Dance/USA continues to advocate for increased support for the National Endowment for the Arts and other programs that are important to artists and arts organizations. However here is some insight into other important areas where Dance/USA has represented the field.
DOL’s Overtime Regulations
Last May, the U.S. Department of Labor finalized an update to the Fair Labor Standards Act (FLSA). This update increases the salary threshold for employees required to receive overtime compensation from $23,660 to $47,476 per year. This means that even if an employee passes the duties test with the white collar exemption, if that individual earns less than $47,476 per year, that individual is required to receive overtime compensation for working more than 40 hours per week.
This updated policy goes into effect December 1, 2016. It is important to note that 1.) nonprofits are not exempt; and 2.) while there have been some bills proposed to create a phased-in implementation for nonprofits, it is not likely that these will move through Congress this year. Bottom line: Do not procrastinate. If you haven’t started preparing for this, start now.
From what we’ve learned at Dance/USA, while there are some exemptions, many will not apply. For instance, even if an organization can determine that they it may not be covered by the FLSA because it earns less than $500,000 in business revenue, employees that handle interstate commerce (which includes emails, phone calls, purchasing supplies online, etc.) are covered by FLSA and may be eligible for overtime compensation.
There are also outstanding questions. Amusement and recreational businesses are not covered by the FLSA if they are in operation for less than seven months out of the year, with the exception of facilities maintenance. But the implications on a performing arts organization that goes “dark” in between productions are unclear. Additionally, because overtime regulations were created prior to the existence of digital communications, we don’t yet know how this will impact employees who earn less than the salary threshold or whether future litigation will result in remote accessibility being considered part of a continuous workday if an employee checks email in the morning over breakfast.

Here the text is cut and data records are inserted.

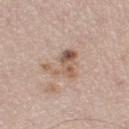Clinical impression: The lesion was photographed on a routine skin check and not biopsied; there is no pathology result. Clinical summary: A close-up tile cropped from a whole-body skin photograph, about 15 mm across. An algorithmic analysis of the crop reported a lesion area of about 8.5 mm², a shape eccentricity near 0.55, and a symmetry-axis asymmetry near 0.6. It also reported an average lesion color of about L≈57 a*≈17 b*≈28 (CIELAB), about 10 CIELAB-L* units darker than the surrounding skin, and a normalized border contrast of about 7.5. And it measured border irregularity of about 8.5 on a 0–10 scale and a peripheral color-asymmetry measure near 3. Imaged with white-light lighting. Measured at roughly 4 mm in maximum diameter. The lesion is on the right thigh. A male patient aged 58–62.
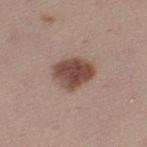Clinical impression:
Imaged during a routine full-body skin examination; the lesion was not biopsied and no histopathology is available.
Image and clinical context:
A close-up tile cropped from a whole-body skin photograph, about 15 mm across. A female patient about 45 years old. On the left thigh.
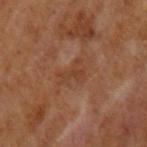biopsy_status: not biopsied; imaged during a skin examination
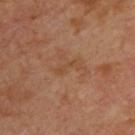No biopsy was performed on this lesion — it was imaged during a full skin examination and was not determined to be concerning. The recorded lesion diameter is about 3 mm. A patient approximately 65 years of age. Imaged with cross-polarized lighting. This image is a 15 mm lesion crop taken from a total-body photograph. An algorithmic analysis of the crop reported a lesion area of about 2 mm² and a shape-asymmetry score of about 0.6 (0 = symmetric). From the upper back.
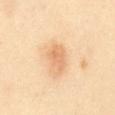Impression: The lesion was photographed on a routine skin check and not biopsied; there is no pathology result. Clinical summary: A region of skin cropped from a whole-body photographic capture, roughly 15 mm wide. Automated tile analysis of the lesion measured an area of roughly 6 mm², an eccentricity of roughly 0.75, and a symmetry-axis asymmetry near 0.25. And it measured an average lesion color of about L≈73 a*≈22 b*≈41 (CIELAB), roughly 9 lightness units darker than nearby skin, and a lesion-to-skin contrast of about 5.5 (normalized; higher = more distinct). And it measured a border-irregularity rating of about 2.5/10, a within-lesion color-variation index near 3/10, and peripheral color asymmetry of about 1. From the abdomen. The patient is a female aged 58–62. The tile uses cross-polarized illumination. Longest diameter approximately 3.5 mm.
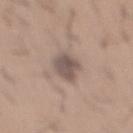Assessment:
This lesion was catalogued during total-body skin photography and was not selected for biopsy.
Clinical summary:
An algorithmic analysis of the crop reported an average lesion color of about L≈53 a*≈13 b*≈20 (CIELAB), roughly 11 lightness units darker than nearby skin, and a normalized border contrast of about 8.5. The analysis additionally found border irregularity of about 2 on a 0–10 scale and radial color variation of about 1. The software also gave a classifier nevus-likeness of about 10/100. A 15 mm close-up tile from a total-body photography series done for melanoma screening. This is a white-light tile. The lesion is located on the mid back. A male patient aged 63 to 67. Longest diameter approximately 4.5 mm.
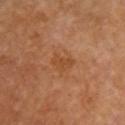workup = total-body-photography surveillance lesion; no biopsy | image source = ~15 mm tile from a whole-body skin photo | location = the chest | patient = female, aged 63 to 67.
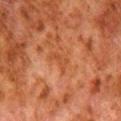A lesion tile, about 15 mm wide, cut from a 3D total-body photograph. A male subject about 80 years old. Captured under cross-polarized illumination. From the leg.
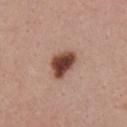Q: Where on the body is the lesion?
A: the chest
Q: How was this image acquired?
A: ~15 mm tile from a whole-body skin photo
Q: How large is the lesion?
A: about 4 mm
Q: How was the tile lit?
A: white-light illumination
Q: Patient demographics?
A: female, aged 23–27
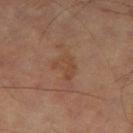<record>
  <biopsy_status>not biopsied; imaged during a skin examination</biopsy_status>
  <image>
    <source>total-body photography crop</source>
    <field_of_view_mm>15</field_of_view_mm>
  </image>
  <automated_metrics>
    <nevus_likeness_0_100>0</nevus_likeness_0_100>
  </automated_metrics>
  <site>left thigh</site>
  <lighting>cross-polarized</lighting>
  <patient>
    <sex>male</sex>
    <age_approx>65</age_approx>
  </patient>
</record>
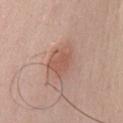Captured during whole-body skin photography for melanoma surveillance; the lesion was not biopsied.
On the front of the torso.
Imaged with white-light lighting.
The recorded lesion diameter is about 4.5 mm.
Cropped from a whole-body photographic skin survey; the tile spans about 15 mm.
The subject is a male in their 60s.
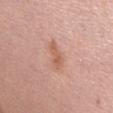Assessment: No biopsy was performed on this lesion — it was imaged during a full skin examination and was not determined to be concerning.

Performing arts organizations are somewhat unique because many employees may work normal 40 hour weeks until they get into tech and production weeks. Many performing arts organizations will also have to consider travel time when touring. It’s important to note that, even within the performing arts community, there will not be any one-size-fits-all decision-making. And decisions addressing the updated regulations need to get made soon as the regulation goes into effect December 1. December 1 is a Thursday so, at the very least, organizations need to update staff plans and salaries prior to that pay period. Some payroll companies may request earlier notice since so many clients will have to make changes in compensation.
Even while addressing the bottom line, organizational leadership should not forget the human factor. Some staff may get shifted from salary to hourly. While the take home pay may be the same, employees might feel as if they’ve been demoted. It is important that managers have honest conversations with staff, sharing how shifts in salary or payroll are happening at a national level and are not reflecting an individual’s work or value to the organization.

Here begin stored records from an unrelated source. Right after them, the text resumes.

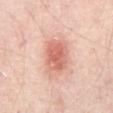• notes: catalogued during a skin exam; not biopsied
• acquisition: ~15 mm tile from a whole-body skin photo
• diameter: ~4 mm (longest diameter)
• patient: in their mid-50s
• tile lighting: cross-polarized
• location: the abdomen
• automated metrics: two-axis asymmetry of about 0.15; a mean CIELAB color near L≈63 a*≈26 b*≈28, roughly 12 lightness units darker than nearby skin, and a normalized lesion–skin contrast near 7
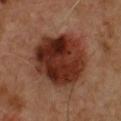This lesion was catalogued during total-body skin photography and was not selected for biopsy. A male subject, about 50 years old. Cropped from a whole-body photographic skin survey; the tile spans about 15 mm. Captured under cross-polarized illumination. From the chest.
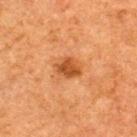Part of a total-body skin-imaging series; this lesion was reviewed on a skin check and was not flagged for biopsy. A close-up tile cropped from a whole-body skin photograph, about 15 mm across. Approximately 3 mm at its widest. Located on the back. The subject is a male in their 50s. Automated tile analysis of the lesion measured an average lesion color of about L≈41 a*≈24 b*≈36 (CIELAB) and a lesion–skin lightness drop of about 10. And it measured a border-irregularity index near 2/10, internal color variation of about 3 on a 0–10 scale, and radial color variation of about 1. And it measured a nevus-likeness score of about 85/100.
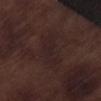Notes:
• follow-up: catalogued during a skin exam; not biopsied
• tile lighting: white-light
• location: the left lower leg
• imaging modality: total-body-photography crop, ~15 mm field of view
• diameter: ~5 mm (longest diameter)
• subject: male, aged around 70
• TBP lesion metrics: a lesion area of about 9.5 mm²; a lesion color around L≈21 a*≈15 b*≈14 in CIELAB; border irregularity of about 4 on a 0–10 scale, internal color variation of about 2 on a 0–10 scale, and a peripheral color-asymmetry measure near 0.5
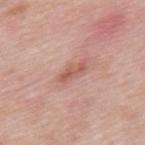Findings:
- notes · imaged on a skin check; not biopsied
- site · the mid back
- patient · male, aged around 55
- diameter · ≈3.5 mm
- acquisition · ~15 mm crop, total-body skin-cancer survey
- lighting · white-light
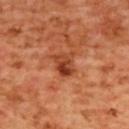Assessment:
Recorded during total-body skin imaging; not selected for excision or biopsy.
Acquisition and patient details:
The tile uses cross-polarized illumination. Longest diameter approximately 3 mm. A 15 mm crop from a total-body photograph taken for skin-cancer surveillance. The lesion is on the back. A female subject, roughly 55 years of age.
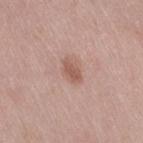{
  "biopsy_status": "not biopsied; imaged during a skin examination",
  "lesion_size": {
    "long_diameter_mm_approx": 3.0
  },
  "site": "leg",
  "automated_metrics": {
    "area_mm2_approx": 3.5,
    "eccentricity": 0.8,
    "shape_asymmetry": 0.25,
    "cielab_L": 56,
    "cielab_a": 21,
    "cielab_b": 27,
    "vs_skin_darker_L": 9.0,
    "vs_skin_contrast_norm": 7.0,
    "border_irregularity_0_10": 2.5,
    "color_variation_0_10": 1.0,
    "peripheral_color_asymmetry": 0.5,
    "nevus_likeness_0_100": 40,
    "lesion_detection_confidence_0_100": 100
  },
  "patient": {
    "sex": "female",
    "age_approx": 40
  },
  "image": {
    "source": "total-body photography crop",
    "field_of_view_mm": 15
  },
  "lighting": "white-light"
}
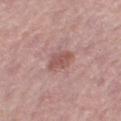{"biopsy_status": "not biopsied; imaged during a skin examination", "patient": {"sex": "female", "age_approx": 50}, "automated_metrics": {"eccentricity": 0.65, "vs_skin_darker_L": 9.0, "vs_skin_contrast_norm": 7.0, "peripheral_color_asymmetry": 1.0, "nevus_likeness_0_100": 65, "lesion_detection_confidence_0_100": 100}, "site": "right thigh", "lesion_size": {"long_diameter_mm_approx": 3.0}, "lighting": "white-light", "image": {"source": "total-body photography crop", "field_of_view_mm": 15}}
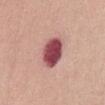– workup: catalogued during a skin exam; not biopsied
– lesion diameter: ~4 mm (longest diameter)
– anatomic site: the abdomen
– patient: female, roughly 55 years of age
– imaging modality: total-body-photography crop, ~15 mm field of view
– automated lesion analysis: an average lesion color of about L≈49 a*≈31 b*≈20 (CIELAB), a lesion–skin lightness drop of about 20, and a normalized border contrast of about 13.5; internal color variation of about 5.5 on a 0–10 scale and peripheral color asymmetry of about 1.5
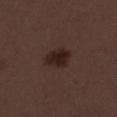  biopsy_status: not biopsied; imaged during a skin examination
  patient:
    sex: female
    age_approx: 50
  site: leg
  image:
    source: total-body photography crop
    field_of_view_mm: 15
  lighting: white-light
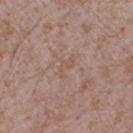Notes:
– follow-up: total-body-photography surveillance lesion; no biopsy
– diameter: about 3 mm
– acquisition: ~15 mm tile from a whole-body skin photo
– subject: male, in their mid-70s
– site: the right forearm
– lighting: white-light
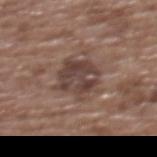Impression:
Captured during whole-body skin photography for melanoma surveillance; the lesion was not biopsied.
Background:
A female patient roughly 75 years of age. Imaged with white-light lighting. Located on the back. The recorded lesion diameter is about 5 mm. This image is a 15 mm lesion crop taken from a total-body photograph.
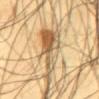* biopsy status · total-body-photography surveillance lesion; no biopsy
* size · ~7 mm (longest diameter)
* patient · male, about 45 years old
* site · the upper back
* image-analysis metrics · two-axis asymmetry of about 0.6; an average lesion color of about L≈59 a*≈15 b*≈37 (CIELAB), roughly 13 lightness units darker than nearby skin, and a normalized lesion–skin contrast near 8; border irregularity of about 7.5 on a 0–10 scale, a within-lesion color-variation index near 10/10, and a peripheral color-asymmetry measure near 3.5
* image source · ~15 mm tile from a whole-body skin photo
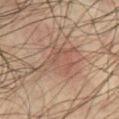Clinical impression:
Captured during whole-body skin photography for melanoma surveillance; the lesion was not biopsied.
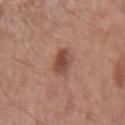Q: Is there a histopathology result?
A: total-body-photography surveillance lesion; no biopsy
Q: How was the tile lit?
A: white-light illumination
Q: What are the patient's age and sex?
A: female, aged around 50
Q: What did automated image analysis measure?
A: an area of roughly 6 mm² and an outline eccentricity of about 0.6 (0 = round, 1 = elongated); a border-irregularity index near 1.5/10, internal color variation of about 3.5 on a 0–10 scale, and radial color variation of about 1
Q: How was this image acquired?
A: ~15 mm crop, total-body skin-cancer survey
Q: Where on the body is the lesion?
A: the right forearm
Q: What is the lesion's diameter?
A: ≈3 mm
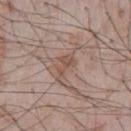Q: Was a biopsy performed?
A: imaged on a skin check; not biopsied
Q: What is the lesion's diameter?
A: about 3.5 mm
Q: Illumination type?
A: white-light illumination
Q: What is the imaging modality?
A: ~15 mm tile from a whole-body skin photo
Q: What did automated image analysis measure?
A: a lesion area of about 4 mm², an outline eccentricity of about 0.9 (0 = round, 1 = elongated), and two-axis asymmetry of about 0.5; an automated nevus-likeness rating near 0 out of 100
Q: What is the anatomic site?
A: the chest
Q: Patient demographics?
A: male, aged 63–67
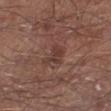| key | value |
|---|---|
| notes | catalogued during a skin exam; not biopsied |
| automated metrics | a lesion color around L≈38 a*≈20 b*≈23 in CIELAB and a normalized lesion–skin contrast near 6 |
| location | the left lower leg |
| patient | male, roughly 55 years of age |
| image | ~15 mm crop, total-body skin-cancer survey |
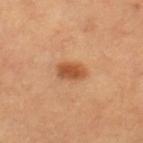Recorded during total-body skin imaging; not selected for excision or biopsy.
The lesion-visualizer software estimated a shape eccentricity near 0.8 and a symmetry-axis asymmetry near 0.2. The software also gave a border-irregularity index near 1.5/10 and a color-variation rating of about 4/10. The software also gave a classifier nevus-likeness of about 95/100 and a lesion-detection confidence of about 100/100.
Captured under cross-polarized illumination.
A region of skin cropped from a whole-body photographic capture, roughly 15 mm wide.
The lesion is located on the leg.
The recorded lesion diameter is about 3.5 mm.
A female subject in their 60s.

Much won’t be known about the impact until after this regulation is implemented. I want to hear from organizations about what steps you’re taking to address these changes and collect examples of best practices. Please feel free to email firstname.lastname@example.org.
For additional information, I created a resource with my OPERA America colleague, Kurt Howard, that provides policy information and implementation tips.
National Arts Policy Statement
Over the past several months, Dance/USA worked with our national arts colleagues in drafting a statement, highlighting policy priorities for the arts sector, with the goal of demonstrating to a new Administration “how the arts can and should be included in its broader policy priorities.”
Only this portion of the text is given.